I awoke the next morning before my finger or clit did, and decided while I still had the family room to myself, I would try my own, much safer - and much thinner, size five finger internal to see if I could feel any signs of hope for a revived sex life. Since my strumming finger remained curled in an arthritic coma from the festivities of the previous night, I resorted to using my still safe size six pointer finger and pointed it in the direction of my vagina and prayed for the best. Another prayer for my pussy just didn't sit well though. For that matter, neither did I what with all the intricate basket weaving pinching my bottom. But the image of me going it all alone in solo sex for the rest of my life didn't sit any better.

So I tactfully prayed for a total recovery and asked for guidance with everything ...and everybody... that entered my uh... uhmm... life. And to be extra sure He heard me, I pulled out all the stops and all the artillery and all the clout I had. I humbly and reverently asked for His blessings – all in the name of Saint Mom.

After Vixxxen vespers, I cautiously began the journey into the now fuck forbidden zone of my vagina and immediately realized two things. #1- I wasn't getting anything like my vibrator or other pleasure toy of girth anywhere near the inside of my cunt and #2- I wasn't even sure if anything the width of a soda straw was ever going to clear. Well, perhaps a Flexi straw. In that way, it could maybe bend enough to dodge the Chinese jump rope strung up inside of me. If I didn't clothesline the straw, I would then try...??? Well... let me think. Maybe I could get real daring and use a giant pencil! Yeah! The kind with the thick pink eraser bulging from the end! I could fantasize it was a gorgeous circumcised cock head and really cum my brains out! Then, if that worked, I could maybe graduate to a banana ...peeled of course. I always ate them while they were still a little green and sweet... and firm. Firm enough to fuck myself with! Hmmmmm... So that would then take care of the crucial circumference problem without causing me to feel that tractor- plowing- everything- under sensation that I felt with Dr. John Deere's internal. Now all that was left was the standard when you want a refreshing, cool pick me up on {and in} a sultry hot pussy day - the favorite Vixxxen vegetable: a cucumber! No, on second thought... it ain't ready for the green monster yet. I've got it! A carrot!! I'll use a carrot!!! I can safely perform the critical "carrot in the cunt" test! I would find the perfect size to work with in both width and length, and even one that was bent if I was so inclined – much like a "pick a dick" all from a produce bag. I was really getting into this; getting into my Fantasyland AND getting it back up and running again.

Maybe I would give Walt another chance if this worked out.

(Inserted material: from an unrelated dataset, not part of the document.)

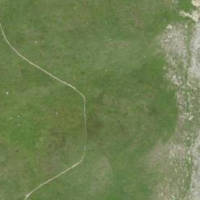
EUNIS habitat code: 26
Species observed at this site:
Campanula thyrsoides
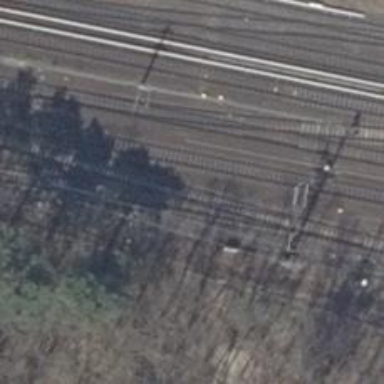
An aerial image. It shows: Railway track with electrified contact lines. This is siding track.
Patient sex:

Although I was more than eager to begin the self deflowering of my new but unwanted virginity, I played it safe. I kept up with my masturbation marathon for another two weeks; my creative cum juices flowing steadily with no hitches simply because my guitar finger wasn't anywhere near the internal strung gridlock to get my nail caught on. I still said my prayer of thanks each night of course, knowing good and well it was due to the name dropping of "Saint Mom" that pulled the right harp strings with The Head of Heaven.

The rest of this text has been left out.